# What needs to be done
Restate verbatim the span of lines below between the line with "rotate(-13) translate(-23.288, -49.419)" and the line with "L33.668,1.434 C34.49,1.332 35.239,1.916", including those two lines, and only that span.

# Data entries
"""
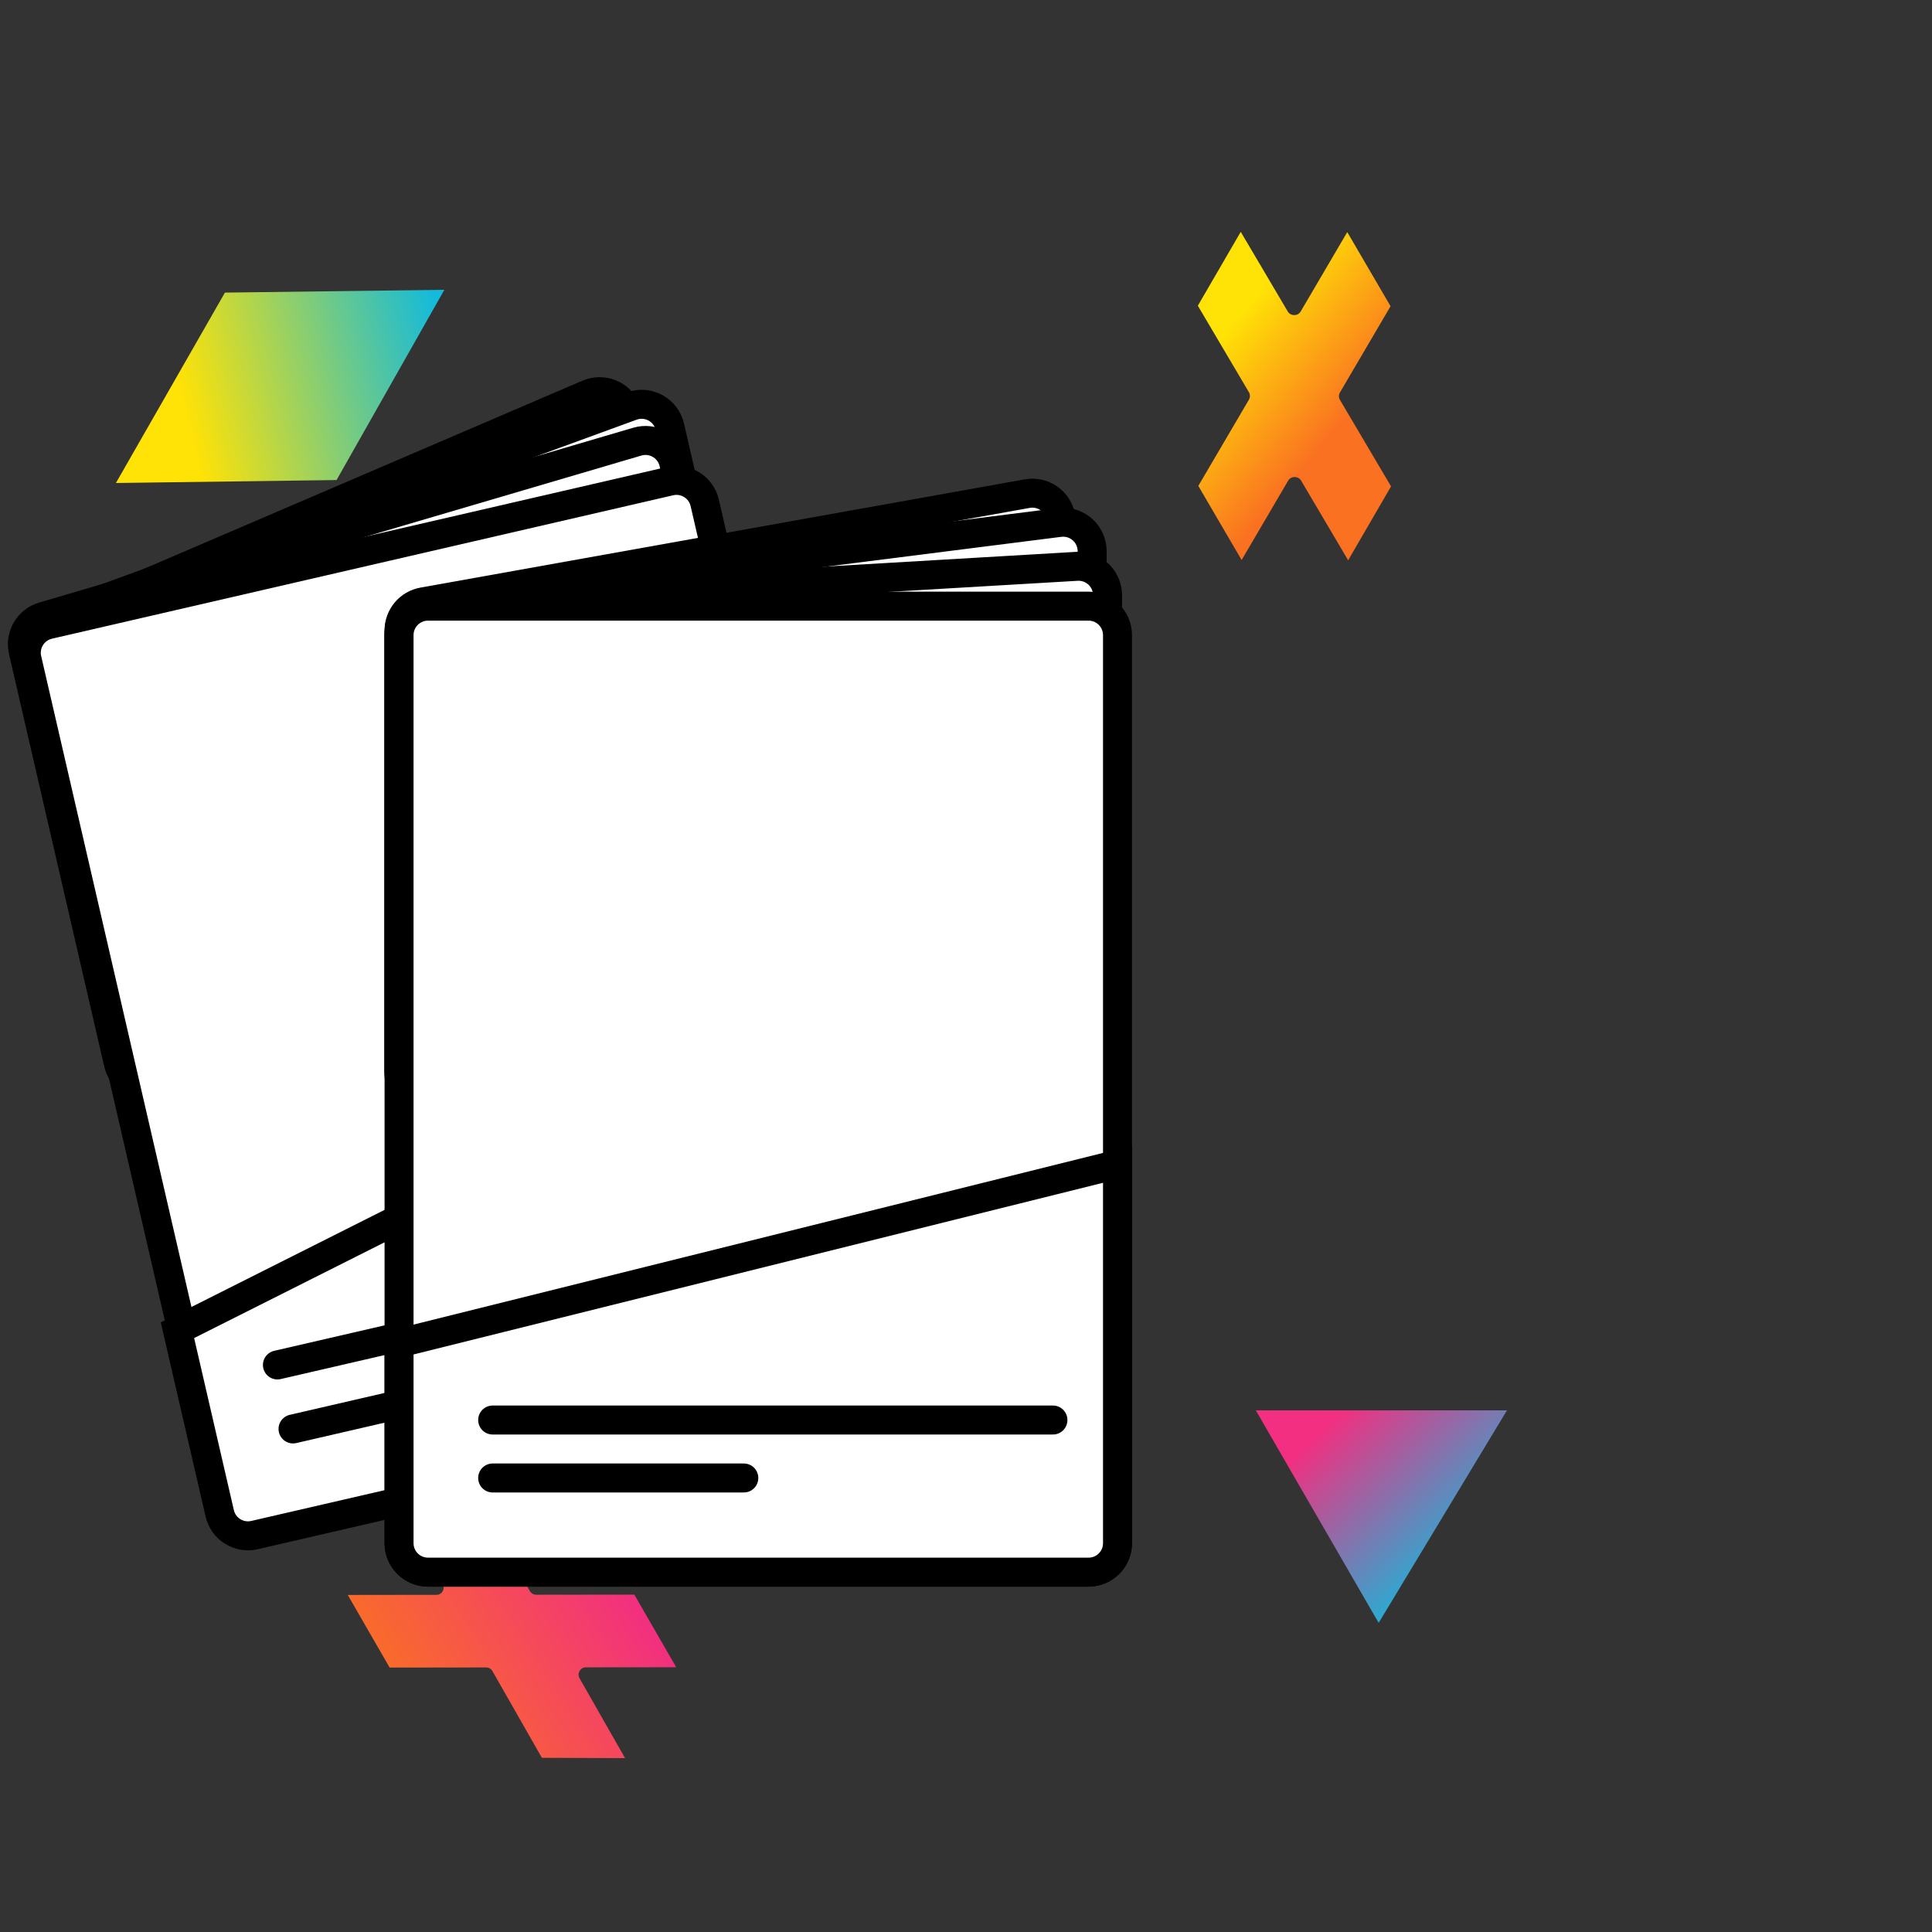 <?xml version="1.0" encoding="UTF-8"?>
<svg width="100px" height="100px" viewBox="0 0 100 100" version="1.1" xmlns="http://www.w3.org/2000/svg" xmlns:xlink="http://www.w3.org/1999/xlink">
    <rect x="0" y="0" width="100" height="100" fill="#333333" stroke="none"/>
    <title>corporate-icon</title>
    <defs>
        <linearGradient x1="31.274%" y1="61.85%" x2="63.684%" y2="15.331%" id="linearGradient-1">
            <stop stop-color="#FA7221" offset="0%"></stop>
            <stop stop-color="#FFE206" offset="100%"></stop>
        </linearGradient>
        <linearGradient x1="14.097%" y1="32.612%" x2="93.571%" y2="71.979%" id="linearGradient-2">
            <stop stop-color="#F22F80" offset="0%"></stop>
            <stop stop-color="#FA7221" offset="100%"></stop>
        </linearGradient>
        <linearGradient x1="20.524%" y1="42.8%" x2="103.737%" y2="55.048%" id="linearGradient-3">
            <stop stop-color="#FFE206" offset="0%"></stop>
            <stop stop-color="#12BADC" offset="100%"></stop>
        </linearGradient>
        <linearGradient x1="85.764%" y1="77.705%" x2="20.352%" y2="18.812%" id="linearGradient-4">
            <stop stop-color="#F22F80" offset="0%"></stop>
            <stop stop-color="#12BADC" offset="100%"></stop>
        </linearGradient>
    </defs>
    <g id="corporate-icon" stroke="none" stroke-width="1" fill="none" fill-rule="evenodd">
        <g id="Group-2" transform="translate(23.288, 49.419) rotate(-13) translate(-23.288, -49.419) translate(5.175, 22.428)" stroke="#000000" stroke-width="1.5">
            <path d="M1.612,5.73 L31.612,0.319 C32.427,0.172 33.207,0.713 33.355,1.529 C33.37,1.616 33.378,1.706 33.378,1.795 L33.378,23.793 C33.378,24.519 32.859,25.141 32.145,25.27 L2.145,30.681 C1.329,30.828 0.549,30.287 0.402,29.471 C0.386,29.384 0.378,29.294 0.378,29.205 L0.378,7.207 C0.378,6.481 0.898,5.859 1.612,5.73 Z" id="Rectangle" fill="#FFFFFF"></path>
            <path d="M1.668,5.401 L33.668,1.434 C34.49,1.332 35.239,1.916 35.341,2.738 C35.349,2.799 35.353,2.861 35.353,2.922 L35.353,24.56 C35.353,25.317 34.789,25.956 34.037,26.049 L2.037,30.016 C1.215,30.118 0.466,29.534 0.364,28.712 C0.357,28.651 0.353,28.589 0.353,28.527 L0.353,6.89 C0.353,6.133 0.917,5.494 1.668,5.401 Z" id="Rectangle" fill="#FFFFFF"></path>
            <path d="M1.539,5.194 L33.539,3.294 C34.366,3.245 35.076,3.875 35.125,4.702 C35.127,4.732 35.128,4.761 35.128,4.791 L35.128,26.708 C35.128,27.501 34.509,28.158 33.717,28.205 L1.717,30.105 C0.89,30.154 0.18,29.523 0.13,28.697 C0.129,28.667 0.128,28.637 0.128,28.608 L0.128,6.691 C0.128,5.897 0.746,5.241 1.539,5.194 Z" id="Rectangle" fill="#FFFFFF"></path>
            <path d="M1.726,5.666 L34.726,5.666 C35.555,5.666 36.226,6.338 36.226,7.166 L36.226,52.166 C36.226,52.995 35.555,53.666 34.726,53.666 L1.726,53.666 C0.898,53.666 0.226,52.995 0.226,52.166 L0.226,7.166 C0.226,6.338 0.898,5.666 1.726,5.666 Z" id="Rectangle" fill="#FFFFFF"></path>
            <path d="M-2.27373675e-13,42.754 L36,33.982 L36,52.482 C36,53.311 35.328,53.982 34.5,53.982 L1.5,53.982 C0.672,53.982 -2.25432745e-13,53.311 -2.27373675e-13,52.482 L-2.27373675e-13,42.754 L-2.27373675e-13,42.754 Z" id="Rectangle" fill="#FFFFFF"></path>
            <line x1="4.679" y1="49.078" x2="17.679" y2="49.078" id="Line" stroke-linecap="round" stroke-linejoin="round"></line>
            <line x1="4.637" y1="45.669" x2="32.637" y2="45.669" id="Line" stroke-linecap="round" stroke-linejoin="round"></line>
        </g>
        <g id="Group" transform="translate(42, 51.5) scale(-1, -1) translate(-42, -51.5) translate(6, 12)">
            <path d="M8.266,62.014 L10.676,66.121 L10.684,66.134 C10.838,66.374 11.201,66.369 11.348,66.119 L13.78,62 L16,65.824 L13.355,70.303 L13.346,70.319 C13.285,70.434 13.288,70.572 13.354,70.684 L15.975,75.15 L13.734,78.986 L11.325,74.879 L11.316,74.866 C11.162,74.626 10.799,74.631 10.652,74.881 L8.22,79 L6,75.176 L8.645,70.697 L8.654,70.681 C8.715,70.566 8.712,70.428 8.646,70.316 L6.025,65.85 L8.266,62.014 Z" id="Combined-Shape" fill="url(#linearGradient-1)" fill-rule="nonzero" transform="translate(11, 70.5) scale(1, -1) translate(-11, -70.5) "></path>
            <path d="M45.167,4.537 L50.253,4.543 L50.271,4.542 C50.397,4.536 50.511,4.466 50.574,4.355 L53.048,0.016 L57.354,-2.66453526e-14 L55.083,3.984 L55.075,3.999 C54.948,4.247 55.125,4.548 55.406,4.548 L60,4.554 L57.833,8.313 L52.833,8.307 L52.815,8.307 C52.689,8.314 52.575,8.384 52.512,8.495 L49.952,12.984 L45.646,13 L48.003,8.866 L48.011,8.851 C48.138,8.603 47.961,8.302 47.68,8.301 L43,8.296 L45.167,4.537 Z" id="Combined-Shape" fill="url(#linearGradient-2)" fill-rule="nonzero" transform="translate(51.5, 6.5) scale(1, -1) translate(-51.5, -6.5) "></path>
            <polygon id="Path-9" fill="url(#linearGradient-3)" transform="translate(63.5, 71) scale(-1, 1) translate(-63.5, -71) " points="60.642 75.855 72 76 66.42 66.153 55 66"></polygon>
            <polygon id="Path-8" fill="url(#linearGradient-4)" points="0 18 13 18 6.641 7"></polygon>
        </g>
        <g id="Group-2" transform="translate(20.655, 25.234)" stroke="#000000" stroke-width="1.5">
            <path d="M1.236,5.919 L32.515,0.316 C33.33,0.17 34.11,0.713 34.256,1.528 C34.271,1.615 34.279,1.704 34.279,1.793 L34.279,24.58 C34.279,25.307 33.759,25.929 33.044,26.057 L1.764,31.66 C0.949,31.806 0.17,31.263 0.024,30.448 C0.008,30.361 2.58035686e-16,30.272 0,30.183 L0,7.396 C3.55130456e-16,6.669 0.52,6.047 1.236,5.919 Z" id="Rectangle" fill="#FFFFFF"></path>
            <path d="M1.311,5.974 L34.185,1.808 C35.007,1.704 35.758,2.286 35.862,3.108 C35.87,3.17 35.874,3.233 35.874,3.296 L35.874,26.108 C35.874,26.864 35.312,27.501 34.562,27.596 L1.689,31.762 C0.867,31.866 0.116,31.284 0.012,30.462 C0.004,30.4 -1.02331283e-16,30.337 0,30.274 L0,7.462 C3.51565182e-16,6.707 0.562,6.069 1.311,5.974 Z" id="Rectangle" fill="#FFFFFF"></path>
            <path d="M1.412,6.057 L35.083,4.079 C35.91,4.031 36.62,4.662 36.668,5.489 C36.67,5.518 36.671,5.547 36.671,5.577 L36.671,28.407 C36.671,29.201 36.052,29.858 35.259,29.905 L1.588,31.883 C0.761,31.931 0.051,31.3 0.003,30.473 C0.001,30.444 5.12838278e-16,30.415 0,30.385 L0,7.555 C3.46820805e-16,6.761 0.619,6.104 1.412,6.057 Z" id="Rectangle" fill="#FFFFFF"></path>
            <path d="M1.5,6.14 L35.687,6.14 C36.516,6.14 37.187,6.812 37.187,7.64 L37.187,54.64 C37.187,55.469 36.516,56.14 35.687,56.14 L1.5,56.14 C0.672,56.14 1.01453063e-16,55.469 0,54.64 L0,7.64 C-1.01453063e-16,6.812 0.672,6.14 1.5,6.14 Z" id="Rectangle" fill="#FFFFFF"></path>
            <path d="M0,44.286 L37.187,35.027 L37.187,54.64 C37.187,55.469 36.516,56.14 35.687,56.14 L1.5,56.14 C0.672,56.14 1.01453063e-16,55.469 0,54.64 L0,44.286 L0,44.286 Z" id="Rectangle" fill="#FFFFFF"></path>
            <line x1="4.845" y1="51.266" x2="17.845" y2="51.266" id="Line" stroke-linecap="round" stroke-linejoin="round"></line>
            <line x1="4.845" y1="48.266" x2="33.845" y2="48.266" id="Line" stroke-linecap="round" stroke-linejoin="round"></line>
        </g>
    </g>
</svg>
"""
# Answer to this exercise
        <g id="Group-2" transform="translate(23.288, 49.419) rotate(-13) translate(-23.288, -49.419) translate(5.175, 22.428)" stroke="#000000" stroke-width="1.5">
            <path d="M1.612,5.73 L31.612,0.319 C32.427,0.172 33.207,0.713 33.355,1.529 C33.37,1.616 33.378,1.706 33.378,1.795 L33.378,23.793 C33.378,24.519 32.859,25.141 32.145,25.27 L2.145,30.681 C1.329,30.828 0.549,30.287 0.402,29.471 C0.386,29.384 0.378,29.294 0.378,29.205 L0.378,7.207 C0.378,6.481 0.898,5.859 1.612,5.73 Z" id="Rectangle" fill="#FFFFFF"></path>
            <path d="M1.668,5.401 L33.668,1.434 C34.49,1.332 35.239,1.916 35.341,2.738 C35.349,2.799 35.353,2.861 35.353,2.922 L35.353,24.56 C35.353,25.317 34.789,25.956 34.037,26.049 L2.037,30.016 C1.215,30.118 0.466,29.534 0.364,28.712 C0.357,28.651 0.353,28.589 0.353,28.527 L0.353,6.89 C0.353,6.133 0.917,5.494 1.668,5.401 Z" id="Rectangle" fill="#FFFFFF"></path>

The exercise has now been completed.